What is expected: Only the lines from the one with "#324=CIRCLE('generated circle',#323,0.5) ;" through the last belong in the output; print them exactly as given below.

START Data under study

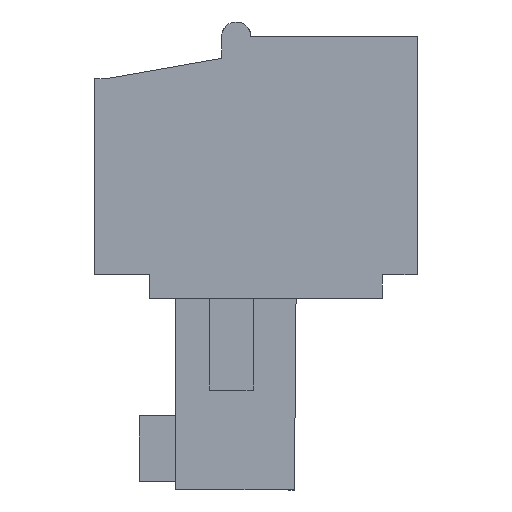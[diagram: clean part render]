
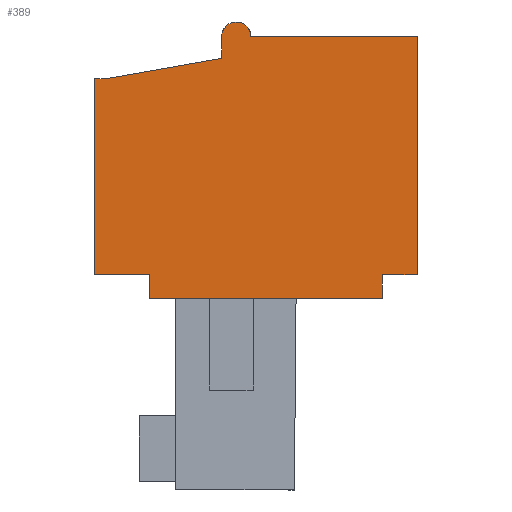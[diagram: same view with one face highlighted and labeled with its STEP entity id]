
A CAD part, left-side view. The second image highlights one B-rep face of the part: STEP entity #389.
In plain terms, the highlighted planar face has unit normal (-1, 0, 0).
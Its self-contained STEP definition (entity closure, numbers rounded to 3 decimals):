
#305=AXIS2_PLACEMENT_3D('Plane Axis2P3D',#302,#303,#304) ;
#323=AXIS2_PLACEMENT_3D('Circle Axis2P3D',#321,#322,$) ;
#40=CARTESIAN_POINT('Vertex',(0.,1.2,7.4)) ;
#45=CARTESIAN_POINT('Line Origine',(0.,1.2,7.)) ;
#49=CARTESIAN_POINT('Vertex',(0.,1.2,6.6)) ;
#250=CARTESIAN_POINT('Vertex',(0.,0.,7.4)) ;
#253=CARTESIAN_POINT('Line Origine',(0.,0.6,7.4)) ;
#302=CARTESIAN_POINT('Axis2P3D Location',(0.,0.,0.)) ;
#307=CARTESIAN_POINT('Line Origine',(0.,0.,11.5)) ;
#311=CARTESIAN_POINT('Vertex',(0.,0.,15.6)) ;
#314=CARTESIAN_POINT('Line Origine',(0.,2.865,15.6)) ;
#318=CARTESIAN_POINT('Vertex',(0.,5.73,15.6)) ;
#321=CARTESIAN_POINT('Axis2P3D Location',(0.,6.23,15.6)) ;
#325=CARTESIAN_POINT('Vertex',(0.,6.73,15.6)) ;
#328=CARTESIAN_POINT('Line Origine',(0.,6.73,15.225)) ;
#332=CARTESIAN_POINT('Vertex',(0.,6.73,14.85)) ;
#335=CARTESIAN_POINT('Line Origine',(0.,8.715,14.5)) ;
#339=CARTESIAN_POINT('Vertex',(0.,10.7,14.15)) ;
#342=CARTESIAN_POINT('Line Origine',(0.,10.9,14.15)) ;
#346=CARTESIAN_POINT('Vertex',(0.,11.1,14.15)) ;
#349=CARTESIAN_POINT('Line Origine',(0.,11.1,10.775)) ;
#353=CARTESIAN_POINT('Vertex',(0.,11.1,7.4)) ;
#356=CARTESIAN_POINT('Line Origine',(0.,10.15,7.4)) ;
#360=CARTESIAN_POINT('Vertex',(0.,9.2,7.4)) ;
#363=CARTESIAN_POINT('Line Origine',(0.,9.2,7.)) ;
#367=CARTESIAN_POINT('Vertex',(0.,9.2,6.6)) ;
#370=CARTESIAN_POINT('Line Origine',(0.,5.2,6.6)) ;
#46=DIRECTION('Vector Direction',(0.,0.,-1.)) ;
#254=DIRECTION('Vector Direction',(0.,1.,0.)) ;
#303=DIRECTION('Axis2P3D Direction',(-1.,0.,0.)) ;
#304=DIRECTION('Axis2P3D XDirection',(0.,0.,1.)) ;
#308=DIRECTION('Vector Direction',(0.,0.,-1.)) ;
#315=DIRECTION('Vector Direction',(0.,-1.,0.)) ;
#322=DIRECTION('Axis2P3D Direction',(-1.,0.,0.)) ;
#329=DIRECTION('Vector Direction',(0.,0.,1.)) ;
#336=DIRECTION('Vector Direction',(0.,-0.985,0.174)) ;
#343=DIRECTION('Vector Direction',(0.,-1.,0.)) ;
#350=DIRECTION('Vector Direction',(0.,0.,1.)) ;
#357=DIRECTION('Vector Direction',(0.,1.,0.)) ;
#364=DIRECTION('Vector Direction',(0.,0.,1.)) ;
#371=DIRECTION('Vector Direction',(0.,1.,0.)) ;
#47=VECTOR('Line Direction',#46,1.) ;
#255=VECTOR('Line Direction',#254,1.) ;
#309=VECTOR('Line Direction',#308,1.) ;
#316=VECTOR('Line Direction',#315,1.) ;
#330=VECTOR('Line Direction',#329,1.) ;
#337=VECTOR('Line Direction',#336,1.) ;
#344=VECTOR('Line Direction',#343,1.) ;
#351=VECTOR('Line Direction',#350,1.) ;
#358=VECTOR('Line Direction',#357,1.) ;
#365=VECTOR('Line Direction',#364,1.) ;
#372=VECTOR('Line Direction',#371,1.) ;
#376=ORIENTED_EDGE('',*,*,#313,.T.) ;
#377=ORIENTED_EDGE('',*,*,#320,.T.) ;
#378=ORIENTED_EDGE('',*,*,#327,.T.) ;
#379=ORIENTED_EDGE('',*,*,#334,.T.) ;
#380=ORIENTED_EDGE('',*,*,#341,.T.) ;
#381=ORIENTED_EDGE('',*,*,#348,.T.) ;
#382=ORIENTED_EDGE('',*,*,#355,.T.) ;
#383=ORIENTED_EDGE('',*,*,#362,.T.) ;
#384=ORIENTED_EDGE('',*,*,#369,.T.) ;
#385=ORIENTED_EDGE('',*,*,#374,.T.) ;
#386=ORIENTED_EDGE('',*,*,#51,.T.) ;
#387=ORIENTED_EDGE('',*,*,#257,.T.) ;
#389=ADVANCED_FACE('HOUSING',(#388),#306,.T.) ;
#324=CIRCLE('generated circle',#323,0.5) ;
#51=EDGE_CURVE('',#50,#41,#48,.F.) ;
#257=EDGE_CURVE('',#41,#251,#256,.F.) ;
#313=EDGE_CURVE('',#251,#312,#310,.F.) ;
#320=EDGE_CURVE('',#312,#319,#317,.F.) ;
#327=EDGE_CURVE('',#319,#326,#324,.T.) ;
#334=EDGE_CURVE('',#326,#333,#331,.F.) ;
#341=EDGE_CURVE('',#333,#340,#338,.F.) ;
#348=EDGE_CURVE('',#340,#347,#345,.F.) ;
#355=EDGE_CURVE('',#347,#354,#352,.F.) ;
#362=EDGE_CURVE('',#354,#361,#359,.F.) ;
#369=EDGE_CURVE('',#361,#368,#366,.F.) ;
#374=EDGE_CURVE('',#368,#50,#373,.F.) ;
#375=EDGE_LOOP('',(#376,#377,#378,#379,#380,#381,#382,#383,#384,#385,#386,#387)) ;
#388=FACE_OUTER_BOUND('',#375,.T.) ;
#48=LINE('Line',#45,#47) ;
#256=LINE('Line',#253,#255) ;
#310=LINE('Line',#307,#309) ;
#317=LINE('Line',#314,#316) ;
#331=LINE('Line',#328,#330) ;
#338=LINE('Line',#335,#337) ;
#345=LINE('Line',#342,#344) ;
#352=LINE('Line',#349,#351) ;
#359=LINE('Line',#356,#358) ;
#366=LINE('Line',#363,#365) ;
#373=LINE('Line',#370,#372) ;
#306=PLANE('',#305) ;
#41=VERTEX_POINT('',#40) ;
#50=VERTEX_POINT('',#49) ;
#251=VERTEX_POINT('',#250) ;
#312=VERTEX_POINT('',#311) ;
#319=VERTEX_POINT('',#318) ;
#326=VERTEX_POINT('',#325) ;
#333=VERTEX_POINT('',#332) ;
#340=VERTEX_POINT('',#339) ;
#347=VERTEX_POINT('',#346) ;
#354=VERTEX_POINT('',#353) ;
#361=VERTEX_POINT('',#360) ;
#368=VERTEX_POINT('',#367) ;

END Data under study

Solution to this exercise:
#324=CIRCLE('generated circle',#323,0.5) ;
#51=EDGE_CURVE('',#50,#41,#48,.F.) ;
#257=EDGE_CURVE('',#41,#251,#256,.F.) ;
#313=EDGE_CURVE('',#251,#312,#310,.F.) ;
#320=EDGE_CURVE('',#312,#319,#317,.F.) ;
#327=EDGE_CURVE('',#319,#326,#324,.T.) ;
#334=EDGE_CURVE('',#326,#333,#331,.F.) ;
#341=EDGE_CURVE('',#333,#340,#338,.F.) ;
#348=EDGE_CURVE('',#340,#347,#345,.F.) ;
#355=EDGE_CURVE('',#347,#354,#352,.F.) ;
#362=EDGE_CURVE('',#354,#361,#359,.F.) ;
#369=EDGE_CURVE('',#361,#368,#366,.F.) ;
#374=EDGE_CURVE('',#368,#50,#373,.F.) ;
#375=EDGE_LOOP('',(#376,#377,#378,#379,#380,#381,#382,#383,#384,#385,#386,#387)) ;
#388=FACE_OUTER_BOUND('',#375,.T.) ;
#48=LINE('Line',#45,#47) ;
#256=LINE('Line',#253,#255) ;
#310=LINE('Line',#307,#309) ;
#317=LINE('Line',#314,#316) ;
#331=LINE('Line',#328,#330) ;
#338=LINE('Line',#335,#337) ;
#345=LINE('Line',#342,#344) ;
#352=LINE('Line',#349,#351) ;
#359=LINE('Line',#356,#358) ;
#366=LINE('Line',#363,#365) ;
#373=LINE('Line',#370,#372) ;
#306=PLANE('',#305) ;
#41=VERTEX_POINT('',#40) ;
#50=VERTEX_POINT('',#49) ;
#251=VERTEX_POINT('',#250) ;
#312=VERTEX_POINT('',#311) ;
#319=VERTEX_POINT('',#318) ;
#326=VERTEX_POINT('',#325) ;
#333=VERTEX_POINT('',#332) ;
#340=VERTEX_POINT('',#339) ;
#347=VERTEX_POINT('',#346) ;
#354=VERTEX_POINT('',#353) ;
#361=VERTEX_POINT('',#360) ;
#368=VERTEX_POINT('',#367) ;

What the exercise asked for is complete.